**PROBLEM STATEMENT:** Find and copy each line in the material below where the string "Repo" occurs.

**SOURCE DATA:**

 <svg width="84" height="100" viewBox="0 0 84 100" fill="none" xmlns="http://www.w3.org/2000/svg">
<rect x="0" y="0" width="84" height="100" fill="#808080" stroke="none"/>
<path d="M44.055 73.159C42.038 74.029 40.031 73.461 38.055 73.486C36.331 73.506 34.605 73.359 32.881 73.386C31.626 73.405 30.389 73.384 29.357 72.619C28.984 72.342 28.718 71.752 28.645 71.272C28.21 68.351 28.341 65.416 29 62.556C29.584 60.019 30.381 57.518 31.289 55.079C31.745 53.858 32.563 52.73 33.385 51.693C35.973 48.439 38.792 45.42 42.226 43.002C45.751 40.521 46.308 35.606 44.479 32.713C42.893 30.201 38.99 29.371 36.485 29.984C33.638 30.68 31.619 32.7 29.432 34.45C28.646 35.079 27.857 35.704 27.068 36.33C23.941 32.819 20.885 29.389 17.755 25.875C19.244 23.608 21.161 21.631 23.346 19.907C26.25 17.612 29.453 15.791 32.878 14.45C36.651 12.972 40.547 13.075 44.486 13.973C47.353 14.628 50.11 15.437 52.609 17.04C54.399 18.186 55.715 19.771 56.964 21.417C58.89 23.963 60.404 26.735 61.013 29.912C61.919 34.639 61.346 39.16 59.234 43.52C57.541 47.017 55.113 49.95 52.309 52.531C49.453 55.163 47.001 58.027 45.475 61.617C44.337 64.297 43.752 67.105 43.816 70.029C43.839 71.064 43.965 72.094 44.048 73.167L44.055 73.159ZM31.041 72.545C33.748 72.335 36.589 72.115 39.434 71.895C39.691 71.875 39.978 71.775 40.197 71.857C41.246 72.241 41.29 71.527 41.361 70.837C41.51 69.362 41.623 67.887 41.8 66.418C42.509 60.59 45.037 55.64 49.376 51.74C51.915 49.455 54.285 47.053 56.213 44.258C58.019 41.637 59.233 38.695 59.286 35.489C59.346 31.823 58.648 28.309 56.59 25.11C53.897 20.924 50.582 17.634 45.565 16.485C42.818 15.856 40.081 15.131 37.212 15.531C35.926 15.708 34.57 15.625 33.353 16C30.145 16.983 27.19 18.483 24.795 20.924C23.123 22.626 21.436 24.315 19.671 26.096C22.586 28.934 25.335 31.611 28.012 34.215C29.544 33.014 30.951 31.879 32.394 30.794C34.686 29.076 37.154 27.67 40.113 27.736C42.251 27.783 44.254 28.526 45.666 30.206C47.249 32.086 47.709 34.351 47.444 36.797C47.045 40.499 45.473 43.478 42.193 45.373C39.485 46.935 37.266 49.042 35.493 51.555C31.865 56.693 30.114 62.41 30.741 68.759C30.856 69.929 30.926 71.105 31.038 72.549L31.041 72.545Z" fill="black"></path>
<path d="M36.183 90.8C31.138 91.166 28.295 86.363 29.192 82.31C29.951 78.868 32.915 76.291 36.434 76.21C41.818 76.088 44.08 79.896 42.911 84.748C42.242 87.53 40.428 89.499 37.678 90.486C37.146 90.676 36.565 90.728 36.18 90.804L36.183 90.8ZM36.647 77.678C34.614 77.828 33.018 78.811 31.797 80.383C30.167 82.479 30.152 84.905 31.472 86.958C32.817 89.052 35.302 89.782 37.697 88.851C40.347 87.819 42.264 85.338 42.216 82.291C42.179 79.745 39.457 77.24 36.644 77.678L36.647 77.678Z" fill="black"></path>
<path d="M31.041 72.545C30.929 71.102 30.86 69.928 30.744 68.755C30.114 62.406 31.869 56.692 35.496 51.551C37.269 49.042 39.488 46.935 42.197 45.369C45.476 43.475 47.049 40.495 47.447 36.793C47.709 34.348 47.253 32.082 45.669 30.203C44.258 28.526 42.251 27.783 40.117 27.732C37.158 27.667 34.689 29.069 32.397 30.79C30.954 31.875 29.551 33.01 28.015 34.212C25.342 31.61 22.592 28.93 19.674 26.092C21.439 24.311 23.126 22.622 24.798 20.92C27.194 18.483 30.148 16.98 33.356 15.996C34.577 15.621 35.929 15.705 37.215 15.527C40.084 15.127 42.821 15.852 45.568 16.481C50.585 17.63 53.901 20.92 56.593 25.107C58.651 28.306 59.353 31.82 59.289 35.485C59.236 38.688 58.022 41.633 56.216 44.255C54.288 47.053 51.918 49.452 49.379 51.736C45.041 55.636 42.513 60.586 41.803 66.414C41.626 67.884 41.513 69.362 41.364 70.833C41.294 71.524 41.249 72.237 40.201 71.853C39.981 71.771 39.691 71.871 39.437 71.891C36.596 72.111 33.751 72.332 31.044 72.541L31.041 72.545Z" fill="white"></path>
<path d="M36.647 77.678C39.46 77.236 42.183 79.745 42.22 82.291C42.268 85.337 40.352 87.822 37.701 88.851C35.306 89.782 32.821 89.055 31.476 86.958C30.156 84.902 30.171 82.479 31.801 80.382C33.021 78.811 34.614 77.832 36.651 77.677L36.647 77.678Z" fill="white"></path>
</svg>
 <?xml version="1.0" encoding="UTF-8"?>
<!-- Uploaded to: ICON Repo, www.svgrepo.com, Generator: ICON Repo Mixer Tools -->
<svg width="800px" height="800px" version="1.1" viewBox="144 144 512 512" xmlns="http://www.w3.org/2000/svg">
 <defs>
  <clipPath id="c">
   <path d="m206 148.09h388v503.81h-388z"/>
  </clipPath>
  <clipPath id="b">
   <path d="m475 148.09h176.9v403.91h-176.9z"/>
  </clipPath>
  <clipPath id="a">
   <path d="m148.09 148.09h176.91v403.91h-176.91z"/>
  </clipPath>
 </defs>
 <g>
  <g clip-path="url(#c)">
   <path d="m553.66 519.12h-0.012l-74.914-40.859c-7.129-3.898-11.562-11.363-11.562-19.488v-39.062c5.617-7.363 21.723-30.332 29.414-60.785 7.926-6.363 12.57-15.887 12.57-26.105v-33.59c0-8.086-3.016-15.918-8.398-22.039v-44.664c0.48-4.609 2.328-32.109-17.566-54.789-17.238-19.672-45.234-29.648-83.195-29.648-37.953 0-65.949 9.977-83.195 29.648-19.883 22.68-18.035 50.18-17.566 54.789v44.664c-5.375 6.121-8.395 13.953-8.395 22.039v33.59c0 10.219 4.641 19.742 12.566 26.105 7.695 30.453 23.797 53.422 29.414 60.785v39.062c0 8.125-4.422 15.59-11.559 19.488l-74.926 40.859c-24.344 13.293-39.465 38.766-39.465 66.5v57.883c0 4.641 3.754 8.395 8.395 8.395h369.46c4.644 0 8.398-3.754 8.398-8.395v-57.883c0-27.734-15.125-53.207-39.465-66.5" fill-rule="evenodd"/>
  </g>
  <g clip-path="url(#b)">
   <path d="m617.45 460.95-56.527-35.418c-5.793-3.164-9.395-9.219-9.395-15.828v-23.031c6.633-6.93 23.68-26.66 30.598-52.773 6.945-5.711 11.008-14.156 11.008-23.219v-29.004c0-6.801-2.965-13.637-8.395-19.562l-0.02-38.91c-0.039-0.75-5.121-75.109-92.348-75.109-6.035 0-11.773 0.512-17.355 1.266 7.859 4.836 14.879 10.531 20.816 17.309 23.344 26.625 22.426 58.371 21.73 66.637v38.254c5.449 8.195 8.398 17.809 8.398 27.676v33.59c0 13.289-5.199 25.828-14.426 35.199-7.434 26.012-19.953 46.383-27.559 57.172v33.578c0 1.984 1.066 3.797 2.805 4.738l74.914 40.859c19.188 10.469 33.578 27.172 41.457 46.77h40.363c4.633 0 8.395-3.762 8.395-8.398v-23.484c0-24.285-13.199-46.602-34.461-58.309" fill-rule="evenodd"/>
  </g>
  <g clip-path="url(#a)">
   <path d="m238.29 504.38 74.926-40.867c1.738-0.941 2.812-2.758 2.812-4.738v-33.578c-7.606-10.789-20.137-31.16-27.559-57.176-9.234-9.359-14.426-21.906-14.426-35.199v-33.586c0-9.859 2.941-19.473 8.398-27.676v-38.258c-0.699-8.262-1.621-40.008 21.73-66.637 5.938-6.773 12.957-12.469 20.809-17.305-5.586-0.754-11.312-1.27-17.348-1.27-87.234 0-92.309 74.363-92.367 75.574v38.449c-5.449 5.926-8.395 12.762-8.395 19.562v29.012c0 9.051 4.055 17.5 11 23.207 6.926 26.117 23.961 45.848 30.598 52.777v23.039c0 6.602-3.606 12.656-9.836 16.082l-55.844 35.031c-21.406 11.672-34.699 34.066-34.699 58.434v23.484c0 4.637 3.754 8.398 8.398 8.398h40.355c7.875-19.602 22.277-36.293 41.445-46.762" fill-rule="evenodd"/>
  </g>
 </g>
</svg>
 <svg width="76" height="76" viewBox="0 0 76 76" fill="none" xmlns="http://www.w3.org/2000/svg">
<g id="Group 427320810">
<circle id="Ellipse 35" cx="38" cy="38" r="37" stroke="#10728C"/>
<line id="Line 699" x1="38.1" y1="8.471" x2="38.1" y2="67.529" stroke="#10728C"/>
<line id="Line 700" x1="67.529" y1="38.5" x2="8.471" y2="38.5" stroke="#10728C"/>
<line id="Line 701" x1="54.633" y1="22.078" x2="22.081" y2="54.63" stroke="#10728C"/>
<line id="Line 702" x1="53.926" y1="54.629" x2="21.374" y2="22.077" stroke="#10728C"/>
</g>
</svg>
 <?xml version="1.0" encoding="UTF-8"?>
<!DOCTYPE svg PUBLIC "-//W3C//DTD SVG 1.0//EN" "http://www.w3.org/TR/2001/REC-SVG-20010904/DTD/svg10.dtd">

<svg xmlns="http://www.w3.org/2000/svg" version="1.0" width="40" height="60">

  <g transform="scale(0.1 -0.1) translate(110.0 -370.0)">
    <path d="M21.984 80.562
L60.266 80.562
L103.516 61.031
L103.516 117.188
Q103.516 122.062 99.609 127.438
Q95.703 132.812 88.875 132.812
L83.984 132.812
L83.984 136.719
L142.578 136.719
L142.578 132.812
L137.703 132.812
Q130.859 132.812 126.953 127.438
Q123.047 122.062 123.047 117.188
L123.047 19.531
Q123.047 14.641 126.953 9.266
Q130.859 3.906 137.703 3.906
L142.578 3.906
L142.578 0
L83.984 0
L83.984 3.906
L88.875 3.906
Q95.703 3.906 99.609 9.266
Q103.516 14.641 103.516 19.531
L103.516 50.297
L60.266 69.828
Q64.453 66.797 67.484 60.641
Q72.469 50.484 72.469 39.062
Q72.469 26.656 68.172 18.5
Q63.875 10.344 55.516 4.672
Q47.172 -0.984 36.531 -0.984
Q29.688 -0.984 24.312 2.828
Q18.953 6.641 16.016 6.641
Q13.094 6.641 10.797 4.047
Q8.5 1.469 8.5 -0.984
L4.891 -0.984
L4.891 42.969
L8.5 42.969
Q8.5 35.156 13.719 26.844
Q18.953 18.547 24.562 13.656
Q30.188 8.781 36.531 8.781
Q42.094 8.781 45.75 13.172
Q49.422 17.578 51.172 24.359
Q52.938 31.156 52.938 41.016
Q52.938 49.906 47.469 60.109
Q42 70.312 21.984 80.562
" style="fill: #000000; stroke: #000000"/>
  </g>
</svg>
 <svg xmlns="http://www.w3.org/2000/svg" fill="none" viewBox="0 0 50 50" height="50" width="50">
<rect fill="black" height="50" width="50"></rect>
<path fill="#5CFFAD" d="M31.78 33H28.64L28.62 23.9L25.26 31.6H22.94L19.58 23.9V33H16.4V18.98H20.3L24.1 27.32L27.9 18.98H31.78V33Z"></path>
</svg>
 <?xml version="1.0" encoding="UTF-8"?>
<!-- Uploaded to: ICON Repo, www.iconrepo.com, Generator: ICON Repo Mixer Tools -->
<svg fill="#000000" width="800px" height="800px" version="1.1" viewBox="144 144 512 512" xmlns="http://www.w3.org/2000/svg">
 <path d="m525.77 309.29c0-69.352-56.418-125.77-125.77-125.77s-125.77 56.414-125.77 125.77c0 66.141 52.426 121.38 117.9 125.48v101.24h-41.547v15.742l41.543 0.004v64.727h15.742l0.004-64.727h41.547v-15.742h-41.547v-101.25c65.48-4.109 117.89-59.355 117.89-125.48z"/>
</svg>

**TASK OUTPUT:**
<!-- Uploaded to: ICON Repo, www.svgrepo.com, Generator: ICON Repo Mixer Tools -->
<!-- Uploaded to: ICON Repo, www.iconrepo.com, Generator: ICON Repo Mixer Tools -->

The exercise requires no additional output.